** Data supplied follows **
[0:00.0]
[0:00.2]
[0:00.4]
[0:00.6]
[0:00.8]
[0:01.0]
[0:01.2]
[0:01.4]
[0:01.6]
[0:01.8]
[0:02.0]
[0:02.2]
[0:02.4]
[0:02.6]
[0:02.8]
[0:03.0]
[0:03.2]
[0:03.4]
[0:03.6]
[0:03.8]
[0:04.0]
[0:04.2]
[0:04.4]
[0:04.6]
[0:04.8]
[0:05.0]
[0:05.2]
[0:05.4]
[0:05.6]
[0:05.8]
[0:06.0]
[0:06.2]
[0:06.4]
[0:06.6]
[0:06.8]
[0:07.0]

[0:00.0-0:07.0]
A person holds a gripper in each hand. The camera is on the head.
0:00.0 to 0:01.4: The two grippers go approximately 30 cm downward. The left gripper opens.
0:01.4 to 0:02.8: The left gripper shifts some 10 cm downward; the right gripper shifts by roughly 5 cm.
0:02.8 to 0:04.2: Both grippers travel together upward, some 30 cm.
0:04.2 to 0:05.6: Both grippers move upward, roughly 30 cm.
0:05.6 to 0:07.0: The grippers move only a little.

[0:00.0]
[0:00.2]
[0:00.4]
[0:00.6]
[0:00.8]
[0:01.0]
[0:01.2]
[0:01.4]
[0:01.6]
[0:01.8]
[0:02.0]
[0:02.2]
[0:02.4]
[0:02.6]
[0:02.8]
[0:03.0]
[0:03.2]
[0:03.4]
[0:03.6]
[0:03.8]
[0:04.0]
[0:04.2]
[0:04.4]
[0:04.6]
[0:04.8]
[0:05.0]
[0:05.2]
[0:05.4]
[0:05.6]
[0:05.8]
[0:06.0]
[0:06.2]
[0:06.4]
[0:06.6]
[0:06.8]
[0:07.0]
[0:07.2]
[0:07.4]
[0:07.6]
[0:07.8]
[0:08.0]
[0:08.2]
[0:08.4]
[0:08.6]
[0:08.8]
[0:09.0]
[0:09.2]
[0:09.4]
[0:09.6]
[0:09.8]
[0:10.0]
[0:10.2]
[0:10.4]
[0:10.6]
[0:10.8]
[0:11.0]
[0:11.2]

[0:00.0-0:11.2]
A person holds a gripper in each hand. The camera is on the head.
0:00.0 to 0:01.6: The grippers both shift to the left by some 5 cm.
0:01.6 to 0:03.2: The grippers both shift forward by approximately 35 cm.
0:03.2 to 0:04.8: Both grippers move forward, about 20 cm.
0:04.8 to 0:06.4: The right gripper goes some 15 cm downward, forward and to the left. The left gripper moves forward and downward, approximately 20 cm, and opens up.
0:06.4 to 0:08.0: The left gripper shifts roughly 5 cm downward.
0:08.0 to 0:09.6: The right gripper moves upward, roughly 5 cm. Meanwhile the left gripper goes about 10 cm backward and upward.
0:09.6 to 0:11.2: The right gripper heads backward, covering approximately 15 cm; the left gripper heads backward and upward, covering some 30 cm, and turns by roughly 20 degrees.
** End of Data supplied **
Task prompt: Write down the entries above again. Copy them word for word.

The answer:
[0:00.0]
[0:00.2]
[0:00.4]
[0:00.6]
[0:00.8]
[0:01.0]
[0:01.2]
[0:01.4]
[0:01.6]
[0:01.8]
[0:02.0]
[0:02.2]
[0:02.4]
[0:02.6]
[0:02.8]
[0:03.0]
[0:03.2]
[0:03.4]
[0:03.6]
[0:03.8]
[0:04.0]
[0:04.2]
[0:04.4]
[0:04.6]
[0:04.8]
[0:05.0]
[0:05.2]
[0:05.4]
[0:05.6]
[0:05.8]
[0:06.0]
[0:06.2]
[0:06.4]
[0:06.6]
[0:06.8]
[0:07.0]

[0:00.0-0:07.0]
A person holds a gripper in each hand. The camera is on the head.
0:00.0 to 0:01.4: The two grippers go approximately 30 cm downward. The left gripper opens.
0:01.4 to 0:02.8: The left gripper shifts some 10 cm downward; the right gripper shifts by roughly 5 cm.
0:02.8 to 0:04.2: Both grippers travel together upward, some 30 cm.
0:04.2 to 0:05.6: Both grippers move upward, roughly 30 cm.
0:05.6 to 0:07.0: The grippers move only a little.

[0:00.0]
[0:00.2]
[0:00.4]
[0:00.6]
[0:00.8]
[0:01.0]
[0:01.2]
[0:01.4]
[0:01.6]
[0:01.8]
[0:02.0]
[0:02.2]
[0:02.4]
[0:02.6]
[0:02.8]
[0:03.0]
[0:03.2]
[0:03.4]
[0:03.6]
[0:03.8]
[0:04.0]
[0:04.2]
[0:04.4]
[0:04.6]
[0:04.8]
[0:05.0]
[0:05.2]
[0:05.4]
[0:05.6]
[0:05.8]
[0:06.0]
[0:06.2]
[0:06.4]
[0:06.6]
[0:06.8]
[0:07.0]
[0:07.2]
[0:07.4]
[0:07.6]
[0:07.8]
[0:08.0]
[0:08.2]
[0:08.4]
[0:08.6]
[0:08.8]
[0:09.0]
[0:09.2]
[0:09.4]
[0:09.6]
[0:09.8]
[0:10.0]
[0:10.2]
[0:10.4]
[0:10.6]
[0:10.8]
[0:11.0]
[0:11.2]

[0:00.0-0:11.2]
A person holds a gripper in each hand. The camera is on the head.
0:00.0 to 0:01.6: The grippers both shift to the left by some 5 cm.
0:01.6 to 0:03.2: The grippers both shift forward by approximately 35 cm.
0:03.2 to 0:04.8: Both grippers move forward, about 20 cm.
0:04.8 to 0:06.4: The right gripper goes some 15 cm downward, forward and to the left. The left gripper moves forward and downward, approximately 20 cm, and opens up.
0:06.4 to 0:08.0: The left gripper shifts roughly 5 cm downward.
0:08.0 to 0:09.6: The right gripper moves upward, roughly 5 cm. Meanwhile the left gripper goes about 10 cm backward and upward.
0:09.6 to 0:11.2: The right gripper heads backward, covering approximately 15 cm; the left gripper heads backward and upward, covering some 30 cm, and turns by roughly 20 degrees.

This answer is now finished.